Описывая в одном из своих рассказов неаполитанца, который ест спагетти на поминках у родственника, Маротта говорит об этом так: «Бело в его тарелке, бело в его душе… он начинает есть и вместе со спагетти ест и поле, где выросла для них пшеница, и солнце, которое дало ей силу, и ветер, который терпеливо ее расчесывал, и даже то ведро в котором свернулось неуступчивое молоко, превращаясь в сыр; зрелище смерти необычайно обостряет чувства, и о том, что гроб — это тоже дерево, такое же дерево, из которого сделана скамеечка доярки, несчастный дон Кармине догадается либо сегодня, либо не догадается уже никогда».
Маротта догадался об этом с самого начала и никогда не забывал. Может быть, действительно потому, что чувства у него всегда были обострены. Порою кажется, что он пишет как в жару, когда человеку все представляется больше, громче, ярче, чем оно есть на самом деле.
От пронзительного голоса, который когда-то довелось услышать Маротте, «дребезжали стеклянные колпаки на статуэтках святых, сбивались с нормального хода швейные машинки, рвались резинки в штанах, от него мутнело вино в бочках остерий и на столах лопались бутылки». Вот какой это был голос!
А описывая знаменитый своей преступностью неаполитанский район Фонтанелле, Маротта сгущает краски таким образом: «Нечаянно залетевший туда ветер, ломая руки, тут же бросается прочь; колеса случайно забредшей туда шарманки тут же покрываются какой-то подозрительной красной коростой; а все песенки, все танцевальные ритмы Фонтанелле — прислушайтесь! — да это же оставшиеся в живых свидетели преступления!»
В этих преувеличенных лихорадочных описаниях обыденность приобретает вид необыденности, мир под пером Маротты последовательно становится смешным, небывало прекрасным, страшным, гротескным, странным, обнажающим вдруг второй план реальности, обычно скрытый за первым.
Вот, например, пляж, а на нем женщины, которые вяжут. Они вяжут и вяжут, вяжут целую вечность, они старые и перед ними море, море старое, как вечность. И, вздрогнув, мы вдруг видим, как возникает эта вечность под пером Маротты: «Эти молчаливые женщины, которые работают крючком, поднимая головы через равные промежутки времени (как пловцы, которые через каждые три рывка поднимают головы, чтобы глотнуть воздуха), они никогда не уйдут отсюда или уйдут вместе с морем: так и будут покачиваться среди волн на своих раскладных стульчиках с нитью сирокко, растянутой между растопыренными локтями».
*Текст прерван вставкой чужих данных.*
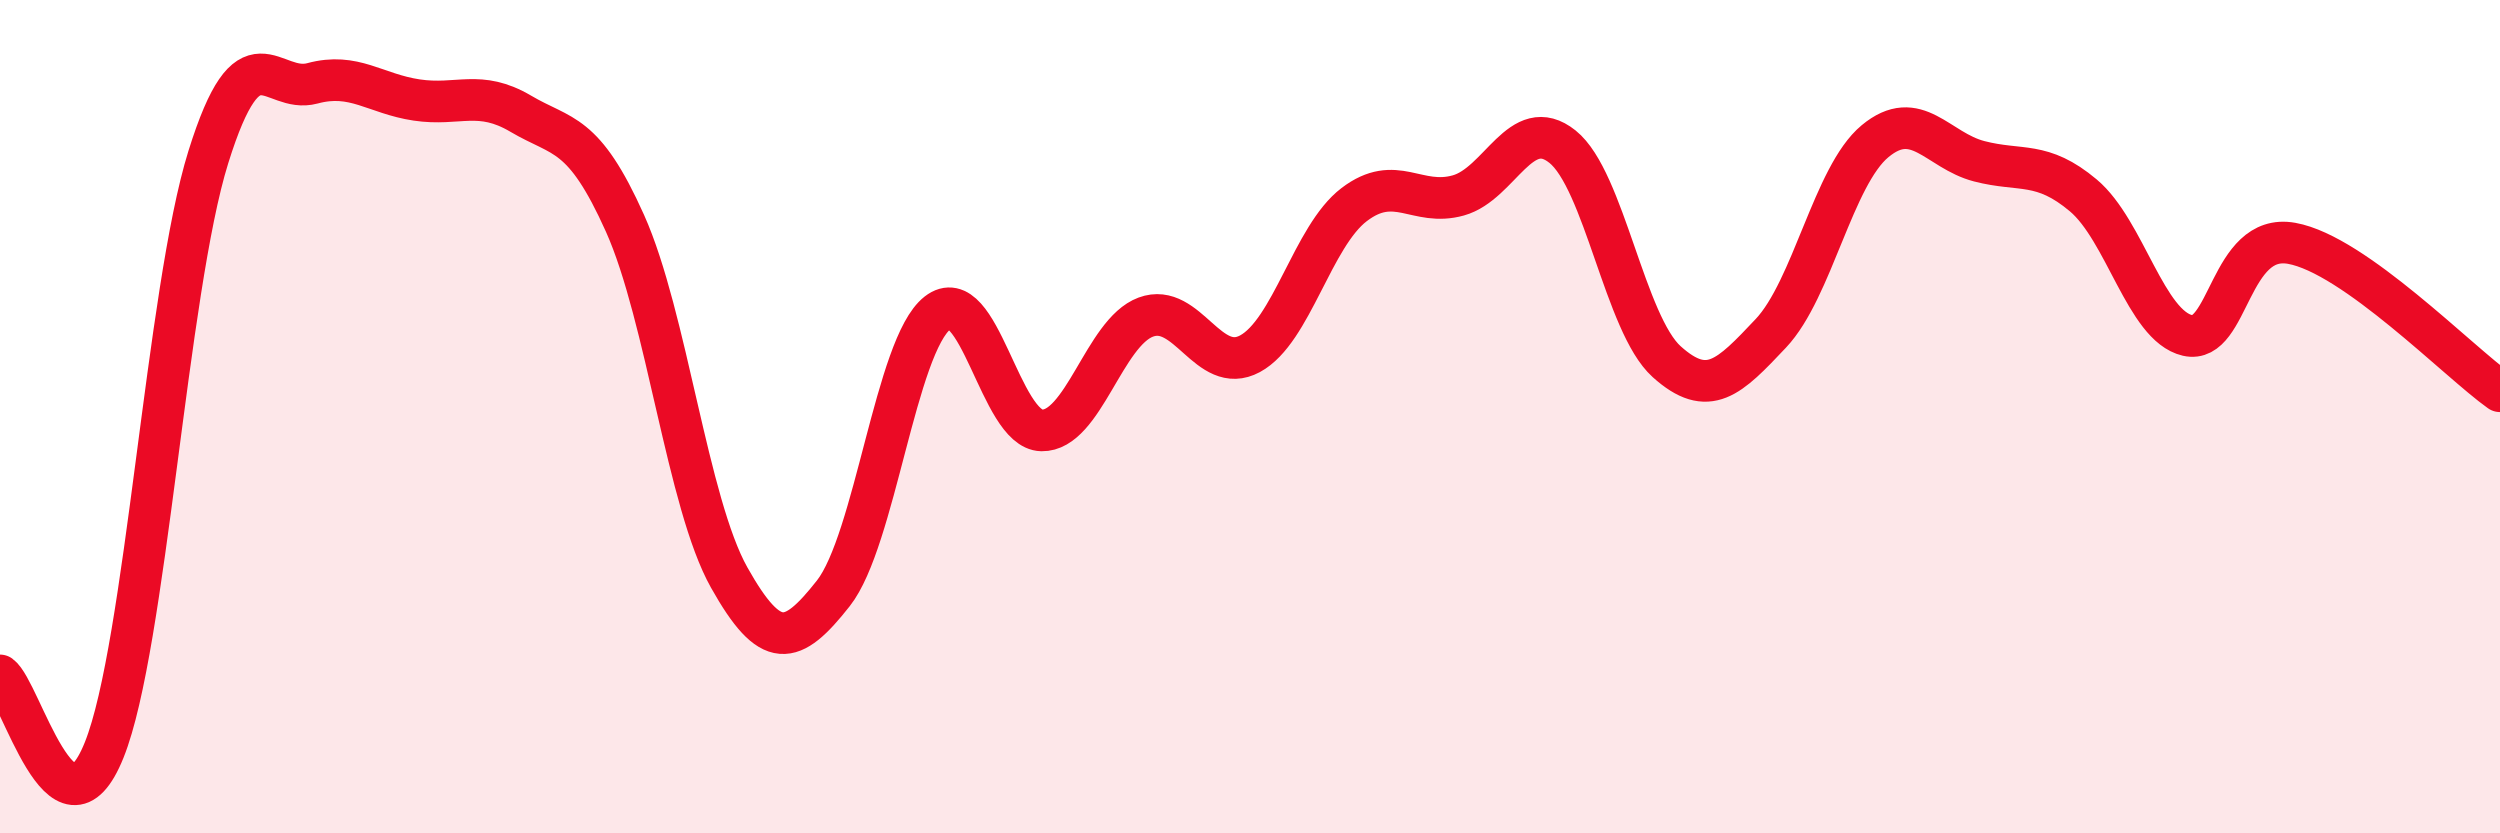 
    <svg width="60" height="20" viewBox="0 0 60 20" xmlns="http://www.w3.org/2000/svg">
      <path
        d="M 0,16.21 C 0.5,16.57 1.5,20.49 2.5,18 C 3.5,15.51 4,6.97 5,3.77 C 6,0.57 6.5,2.27 7.5,2 C 8.5,1.73 9,2.25 10,2.4 C 11,2.55 11.5,2.14 12.5,2.73 C 13.5,3.32 14,3.13 15,5.36 C 16,7.59 16.5,12.08 17.5,13.86 C 18.5,15.64 19,15.51 20,14.24 C 21,12.97 21.5,8.29 22.5,7.51 C 23.5,6.73 24,10.31 25,10.33 C 26,10.35 26.5,7.98 27.5,7.61 C 28.5,7.24 29,9.03 30,8.49 C 31,7.95 31.5,5.67 32.5,4.91 C 33.5,4.15 34,4.97 35,4.69 C 36,4.41 36.5,2.72 37.5,3.52 C 38.5,4.32 39,7.78 40,8.68 C 41,9.58 41.5,9.06 42.5,8 C 43.5,6.94 44,4.22 45,3.39 C 46,2.56 46.5,3.61 47.5,3.87 C 48.5,4.13 49,3.85 50,4.69 C 51,5.53 51.5,7.82 52.5,8.05 C 53.5,8.28 53.5,5.57 55,5.84 C 56.5,6.11 59,8.68 60,9.39L60 20L0 20Z"
        fill="#EB0A25"
        opacity="0.1"
        stroke-linecap="round"
        stroke-linejoin="round"
      />
      <path
        d="M 0,16.21 C 0.5,16.57 1.5,20.49 2.5,18 C 3.5,15.51 4,6.97 5,3.77 C 6,0.57 6.5,2.27 7.5,2 C 8.5,1.73 9,2.25 10,2.4 C 11,2.55 11.5,2.14 12.5,2.73 C 13.5,3.32 14,3.13 15,5.36 C 16,7.59 16.5,12.08 17.5,13.86 C 18.5,15.64 19,15.51 20,14.24 C 21,12.97 21.5,8.29 22.5,7.51 C 23.5,6.73 24,10.31 25,10.33 C 26,10.35 26.5,7.98 27.5,7.61 C 28.5,7.24 29,9.03 30,8.49 C 31,7.95 31.5,5.67 32.5,4.91 C 33.5,4.15 34,4.97 35,4.69 C 36,4.41 36.5,2.72 37.5,3.52 C 38.5,4.32 39,7.78 40,8.68 C 41,9.58 41.5,9.06 42.5,8 C 43.5,6.94 44,4.22 45,3.39 C 46,2.56 46.5,3.61 47.5,3.87 C 48.5,4.13 49,3.85 50,4.69 C 51,5.53 51.5,7.82 52.5,8.05 C 53.5,8.28 53.5,5.57 55,5.84 C 56.5,6.11 59,8.68 60,9.39"
        stroke="#EB0A25"
        stroke-width="1"
        fill="none"
        stroke-linecap="round"
        stroke-linejoin="round"
      />
    </svg>
  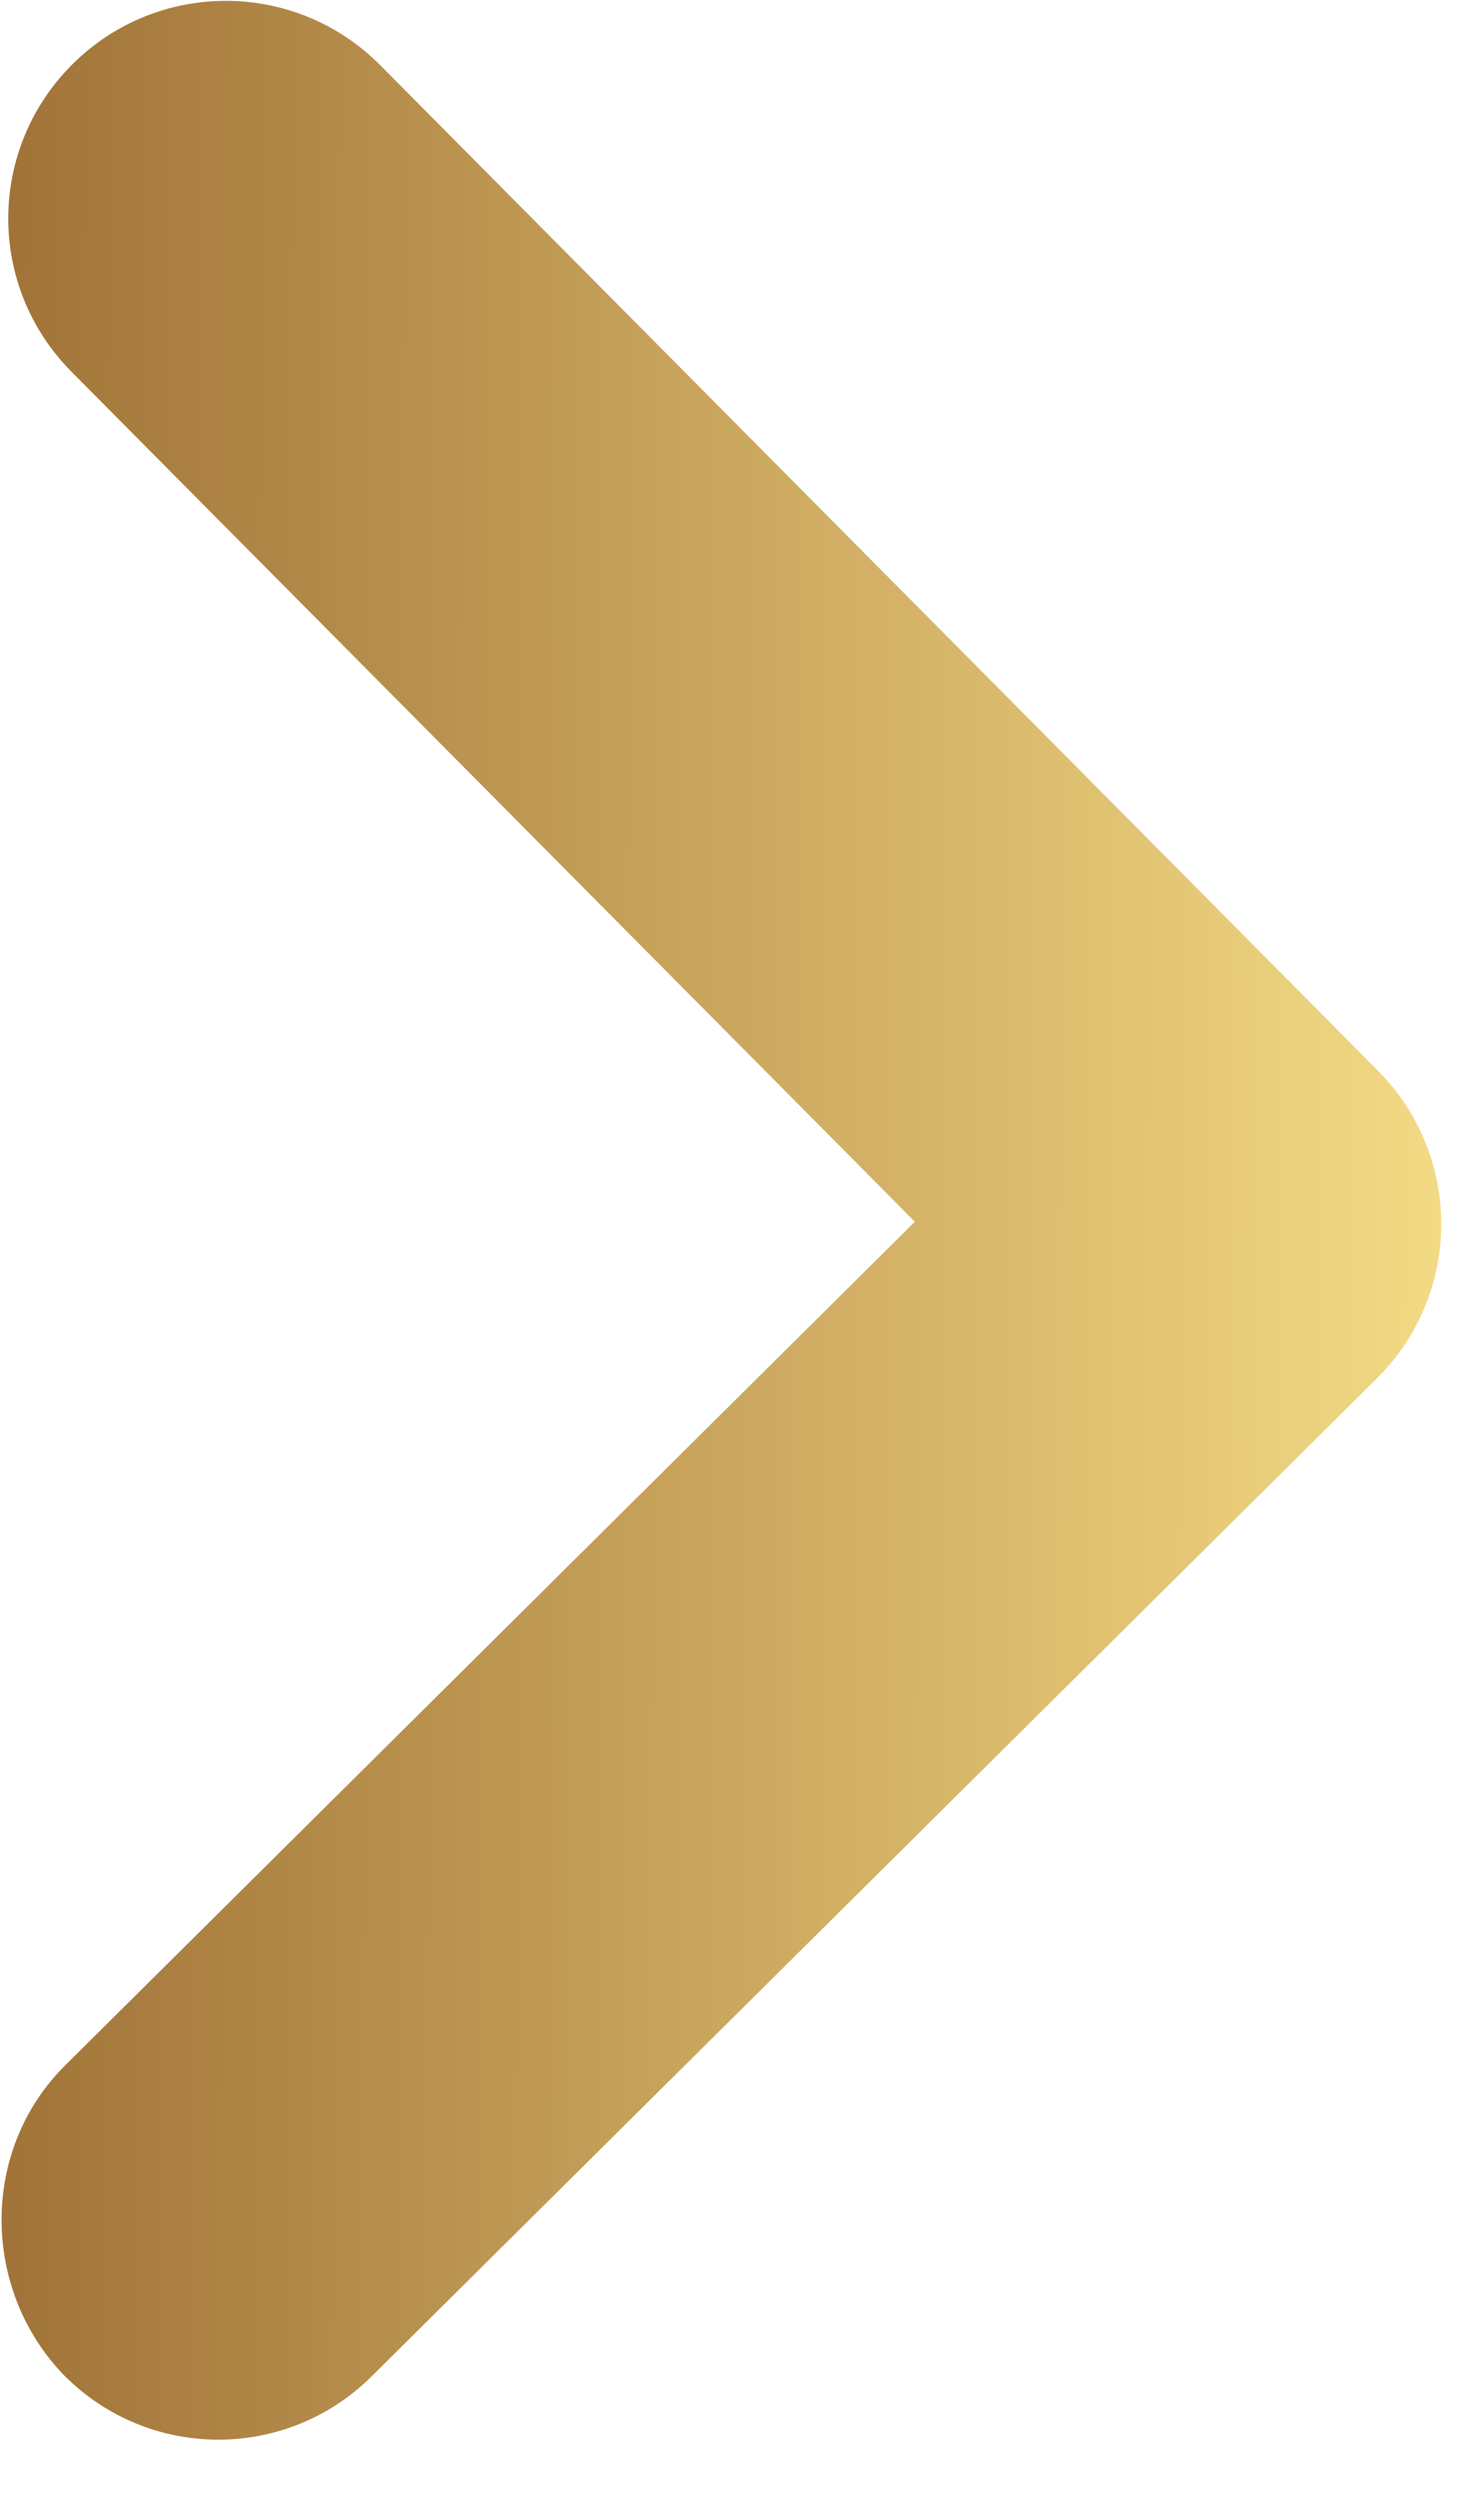 <svg width="17" height="29" viewBox="0 0 17 29" fill="none" xmlns="http://www.w3.org/2000/svg">
<path d="M0.756 23.96L10.616 14.173L0.83 4.313C-0.154 3.322 -0.148 1.727 0.843 0.743C1.834 -0.24 3.429 -0.234 4.413 0.757L15.99 12.421C16.974 13.412 16.968 15.008 15.977 15.991L4.312 27.568C3.321 28.552 1.726 28.546 0.743 27.555C-0.216 26.564 -0.235 24.944 0.756 23.96Z" fill="url(#paint0_linear_2480_205)"/>
<defs>
<linearGradient id="paint0_linear_2480_205" x1="0.052" y1="14.146" x2="16.724" y2="14.209" gradientUnits="userSpaceOnUse">
<stop stop-color="#A17338"/>
<stop offset="1" stop-color="#F3DA84"/>
</linearGradient>
</defs>
</svg>

Этот странный, этот, как писали раньше, «чудный» мир, он, в сущности, тот же самый, с которого писали свои портреты неореалисты. Но Маротта, не изменяя ему, проникает в него дальше и глубже. «Ему, — пишет итальянский критик, — нужно было изменить какую-то малость, чтобы стать просто реалистом. Но он предпочел быть проникнутым религиозным чувством наблюдателем жизни, ее тонким, хотя и простодушным летописцем».[6]
Это замечание о религиозности сознания Маротты очень существенно. Ибо именно распахивая в бесконечность наш ближний, такой простой и непритязательный мир, он делал его частью мироздания, наделенной, как и все мироздание, каким-то непостижимым, но несомненным смыслом.
Эта распахнутость в бесконечность, это непременное и действенное присутствие «дальней перспективы» превращает дробный мир коротеньких рассказов Маротты в единое, внутренне организованное огромное полотно — в такое же полотно, в которое складываются, в сущности, все фильмы Феллини.
Эта особенность Маротты, непременно соотносящего часть — не часть даже, частицу — с огромным целым, ясно проступает и в том, как организует он материал своих рассказов.
Ни герои, ни перипетии сюжетов, как правило, не бывают у него «в фокусе». Что касается героев, то мы никогда не имеем у него дела с характерами, с многомерными «образами» — у него есть только «лица», очень яркие, сразу говорящие «за себя» и «за все», и этого оказывается достаточно, как оказывается этого достаточно Феллини, у которого тоже всегда действуют только «лица». И перипетии сюжета тоже всегда поставлены у Маротты на место, то есть на второстепенное место, которое им и положено, если учесть, что они всего лишь часть другого, огромного, непостижимого сюжета.